:: Exercise directions ::
The records below must be output exactly, without pictures.

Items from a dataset
==========

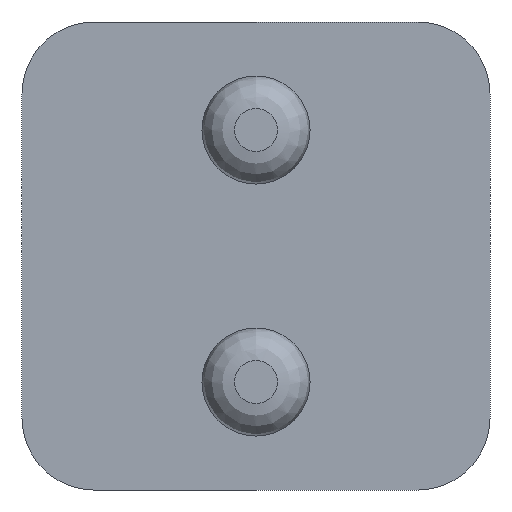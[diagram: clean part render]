
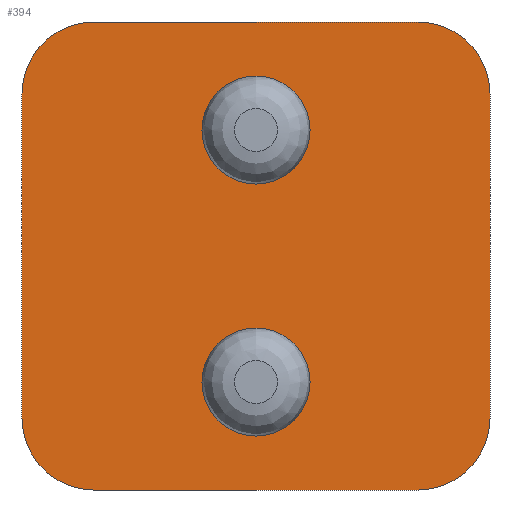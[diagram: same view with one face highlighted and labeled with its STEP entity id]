
A CAD part, front view. The second image highlights one B-rep face of the part: STEP entity #394.
In plain terms, the highlighted planar face has unit normal (0, -1, 0).
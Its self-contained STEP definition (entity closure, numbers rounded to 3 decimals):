
#15=FACE_BOUND('',#141,.T.);
#16=FACE_BOUND('',#142,.T.);
#28=PLANE('',#471);
#44=LINE('',#746,#68);
#47=LINE('',#754,#71);
#50=LINE('',#763,#74);
#52=LINE('',#769,#76);
#68=VECTOR('',#575,10.);
#71=VECTOR('',#584,10.);
#74=VECTOR('',#595,10.);
#76=VECTOR('',#603,10.);
#114=FACE_OUTER_BOUND('',#140,.T.);
#140=EDGE_LOOP('',(#357,#358,#359,#360,#361,#362,#363,#364));
#141=EDGE_LOOP('',(#365));
#142=EDGE_LOOP('',(#366));
#148=CIRCLE('',#424,0.75);
#154=CIRCLE('',#431,0.75);
#169=CIRCLE('',#459,1.);
#170=CIRCLE('',#462,1.);
#171=CIRCLE('',#466,1.);
#172=CIRCLE('',#469,1.);
#177=VERTEX_POINT('',#644);
#182=VERTEX_POINT('',#684);
#197=VERTEX_POINT('',#738);
#198=VERTEX_POINT('',#740);
#199=VERTEX_POINT('',#744);
#200=VERTEX_POINT('',#748);
#201=VERTEX_POINT('',#752);
#202=VERTEX_POINT('',#757);
#203=VERTEX_POINT('',#761);
#204=VERTEX_POINT('',#765);
#211=EDGE_CURVE('',#177,#177,#148,.T.);
#218=EDGE_CURVE('',#182,#182,#154,.T.);
#244=EDGE_CURVE('',#197,#198,#169,.T.);
#247=EDGE_CURVE('',#199,#197,#44,.T.);
#249=EDGE_CURVE('',#200,#199,#170,.T.);
#251=EDGE_CURVE('',#201,#200,#47,.T.);
#253=EDGE_CURVE('',#202,#201,#171,.T.);
#255=EDGE_CURVE('',#203,#202,#50,.T.);
#257=EDGE_CURVE('',#204,#203,#172,.T.);
#258=EDGE_CURVE('',#198,#204,#52,.T.);
#357=ORIENTED_EDGE('',*,*,#258,.F.);
#358=ORIENTED_EDGE('',*,*,#244,.F.);
#359=ORIENTED_EDGE('',*,*,#247,.F.);
#360=ORIENTED_EDGE('',*,*,#249,.F.);
#361=ORIENTED_EDGE('',*,*,#251,.F.);
#362=ORIENTED_EDGE('',*,*,#253,.F.);
#363=ORIENTED_EDGE('',*,*,#255,.F.);
#364=ORIENTED_EDGE('',*,*,#257,.F.);
#365=ORIENTED_EDGE('',*,*,#211,.T.);
#366=ORIENTED_EDGE('',*,*,#218,.T.);
#394=ADVANCED_FACE('',(#114,#15,#16),#28,.F.);
#424=AXIS2_PLACEMENT_3D('',#646,#487,#488);
#431=AXIS2_PLACEMENT_3D('',#686,#502,#503);
#459=AXIS2_PLACEMENT_3D('',#741,#569,#570);
#462=AXIS2_PLACEMENT_3D('',#750,#579,#580);
#466=AXIS2_PLACEMENT_3D('',#759,#590,#591);
#469=AXIS2_PLACEMENT_3D('',#767,#599,#600);
#471=AXIS2_PLACEMENT_3D('',#770,#604,#605);
#487=DIRECTION('center_axis',(0.,1.,0.));
#488=DIRECTION('ref_axis',(1.,0.,0.));
#502=DIRECTION('center_axis',(0.,1.,0.));
#503=DIRECTION('ref_axis',(1.,0.,0.));
#569=DIRECTION('center_axis',(0.,1.,0.));
#570=DIRECTION('ref_axis',(1.,0.,0.));
#575=DIRECTION('',(0.,0.,-1.));
#579=DIRECTION('center_axis',(0.,1.,0.));
#580=DIRECTION('ref_axis',(0.,0.,1.));
#584=DIRECTION('',(1.,0.,0.));
#590=DIRECTION('center_axis',(0.,1.,0.));
#591=DIRECTION('ref_axis',(-1.,0.,0.));
#595=DIRECTION('',(0.,0.,1.));
#599=DIRECTION('center_axis',(0.,1.,0.));
#600=DIRECTION('ref_axis',(0.,0.,-1.));
#603=DIRECTION('',(-1.,0.,0.));
#604=DIRECTION('center_axis',(0.,1.,0.));
#605=DIRECTION('ref_axis',(0.,0.,1.));
#644=CARTESIAN_POINT('',(-4.,0.,-5.));
#646=CARTESIAN_POINT('Origin',(-3.25,0.,-5.));
#684=CARTESIAN_POINT('',(-4.,0.,-1.5));
#686=CARTESIAN_POINT('Origin',(-3.25,0.,-1.5));
#738=CARTESIAN_POINT('',(0.,0.,-5.5));
#740=CARTESIAN_POINT('',(-1.,0.,-6.5));
#741=CARTESIAN_POINT('Origin',(-1.,0.,-5.5));
#744=CARTESIAN_POINT('',(0.,0.,-1.));
#746=CARTESIAN_POINT('',(0.,0.,-1.));
#748=CARTESIAN_POINT('',(-1.,0.,0.));
#750=CARTESIAN_POINT('Origin',(-1.,0.,-1.));
#752=CARTESIAN_POINT('',(-5.5,0.,0.));
#754=CARTESIAN_POINT('',(-5.5,0.,0.));
#757=CARTESIAN_POINT('',(-6.5,0.,-1.));
#759=CARTESIAN_POINT('Origin',(-5.5,0.,-1.));
#761=CARTESIAN_POINT('',(-6.5,0.,-5.5));
#763=CARTESIAN_POINT('',(-6.5,0.,-5.5));
#765=CARTESIAN_POINT('',(-5.5,0.,-6.5));
#767=CARTESIAN_POINT('Origin',(-5.5,0.,-5.5));
#769=CARTESIAN_POINT('',(-1.,0.,-6.5));
#770=CARTESIAN_POINT('Origin',(-3.25,0.,-3.25));

==========

:: Solution ::
[diagram: clean part render]
[diagram: same view with one face highlighted and labeled with its STEP entity id]
A CAD part, front view. The second image highlights one B-rep face of the part: STEP entity #394.
In plain terms, the highlighted planar face has unit normal (0, -1, 0).
Its self-contained STEP definition (entity closure, numbers rounded to 3 decimals):
#15=FACE_BOUND('',#141,.T.);
#16=FACE_BOUND('',#142,.T.);
#28=PLANE('',#471);
#44=LINE('',#746,#68);
#47=LINE('',#754,#71);
#50=LINE('',#763,#74);
#52=LINE('',#769,#76);
#68=VECTOR('',#575,10.);
#71=VECTOR('',#584,10.);
#74=VECTOR('',#595,10.);
#76=VECTOR('',#603,10.);
#114=FACE_OUTER_BOUND('',#140,.T.);
#140=EDGE_LOOP('',(#357,#358,#359,#360,#361,#362,#363,#364));
#141=EDGE_LOOP('',(#365));
#142=EDGE_LOOP('',(#366));
#148=CIRCLE('',#424,0.75);
#154=CIRCLE('',#431,0.75);
#169=CIRCLE('',#459,1.);
#170=CIRCLE('',#462,1.);
#171=CIRCLE('',#466,1.);
#172=CIRCLE('',#469,1.);
#177=VERTEX_POINT('',#644);
#182=VERTEX_POINT('',#684);
#197=VERTEX_POINT('',#738);
#198=VERTEX_POINT('',#740);
#199=VERTEX_POINT('',#744);
#200=VERTEX_POINT('',#748);
#201=VERTEX_POINT('',#752);
#202=VERTEX_POINT('',#757);
#203=VERTEX_POINT('',#761);
#204=VERTEX_POINT('',#765);
#211=EDGE_CURVE('',#177,#177,#148,.T.);
#218=EDGE_CURVE('',#182,#182,#154,.T.);
#244=EDGE_CURVE('',#197,#198,#169,.T.);
#247=EDGE_CURVE('',#199,#197,#44,.T.);
#249=EDGE_CURVE('',#200,#199,#170,.T.);
#251=EDGE_CURVE('',#201,#200,#47,.T.);
#253=EDGE_CURVE('',#202,#201,#171,.T.);
#255=EDGE_CURVE('',#203,#202,#50,.T.);
#257=EDGE_CURVE('',#204,#203,#172,.T.);
#258=EDGE_CURVE('',#198,#204,#52,.T.);
#357=ORIENTED_EDGE('',*,*,#258,.F.);
#358=ORIENTED_EDGE('',*,*,#244,.F.);
#359=ORIENTED_EDGE('',*,*,#247,.F.);
#360=ORIENTED_EDGE('',*,*,#249,.F.);
#361=ORIENTED_EDGE('',*,*,#251,.F.);
#362=ORIENTED_EDGE('',*,*,#253,.F.);
#363=ORIENTED_EDGE('',*,*,#255,.F.);
#364=ORIENTED_EDGE('',*,*,#257,.F.);
#365=ORIENTED_EDGE('',*,*,#211,.T.);
#366=ORIENTED_EDGE('',*,*,#218,.T.);
#394=ADVANCED_FACE('',(#114,#15,#16),#28,.F.);
#424=AXIS2_PLACEMENT_3D('',#646,#487,#488);
#431=AXIS2_PLACEMENT_3D('',#686,#502,#503);
#459=AXIS2_PLACEMENT_3D('',#741,#569,#570);
#462=AXIS2_PLACEMENT_3D('',#750,#579,#580);
#466=AXIS2_PLACEMENT_3D('',#759,#590,#591);
#469=AXIS2_PLACEMENT_3D('',#767,#599,#600);
#471=AXIS2_PLACEMENT_3D('',#770,#604,#605);
#487=DIRECTION('center_axis',(0.,1.,0.));
#488=DIRECTION('ref_axis',(1.,0.,0.));
#502=DIRECTION('center_axis',(0.,1.,0.));
#503=DIRECTION('ref_axis',(1.,0.,0.));
#569=DIRECTION('center_axis',(0.,1.,0.));
#570=DIRECTION('ref_axis',(1.,0.,0.));
#575=DIRECTION('',(0.,0.,-1.));
#579=DIRECTION('center_axis',(0.,1.,0.));
#580=DIRECTION('ref_axis',(0.,0.,1.));
#584=DIRECTION('',(1.,0.,0.));
#590=DIRECTION('center_axis',(0.,1.,0.));
#591=DIRECTION('ref_axis',(-1.,0.,0.));
#595=DIRECTION('',(0.,0.,1.));
#599=DIRECTION('center_axis',(0.,1.,0.));
#600=DIRECTION('ref_axis',(0.,0.,-1.));
#603=DIRECTION('',(-1.,0.,0.));
#604=DIRECTION('center_axis',(0.,1.,0.));
#605=DIRECTION('ref_axis',(0.,0.,1.));
#644=CARTESIAN_POINT('',(-4.,0.,-5.));
#646=CARTESIAN_POINT('Origin',(-3.25,0.,-5.));
#684=CARTESIAN_POINT('',(-4.,0.,-1.5));
#686=CARTESIAN_POINT('Origin',(-3.25,0.,-1.5));
#738=CARTESIAN_POINT('',(0.,0.,-5.5));
#740=CARTESIAN_POINT('',(-1.,0.,-6.5));
#741=CARTESIAN_POINT('Origin',(-1.,0.,-5.5));
#744=CARTESIAN_POINT('',(0.,0.,-1.));
#746=CARTESIAN_POINT('',(0.,0.,-1.));
#748=CARTESIAN_POINT('',(-1.,0.,0.));
#750=CARTESIAN_POINT('Origin',(-1.,0.,-1.));
#752=CARTESIAN_POINT('',(-5.5,0.,0.));
#754=CARTESIAN_POINT('',(-5.5,0.,0.));
#757=CARTESIAN_POINT('',(-6.5,0.,-1.));
#759=CARTESIAN_POINT('Origin',(-5.5,0.,-1.));
#761=CARTESIAN_POINT('',(-6.5,0.,-5.5));
#763=CARTESIAN_POINT('',(-6.5,0.,-5.5));
#765=CARTESIAN_POINT('',(-5.5,0.,-6.5));
#767=CARTESIAN_POINT('Origin',(-5.5,0.,-5.5));
#769=CARTESIAN_POINT('',(-1.,0.,-6.5));
#770=CARTESIAN_POINT('Origin',(-3.25,0.,-3.25));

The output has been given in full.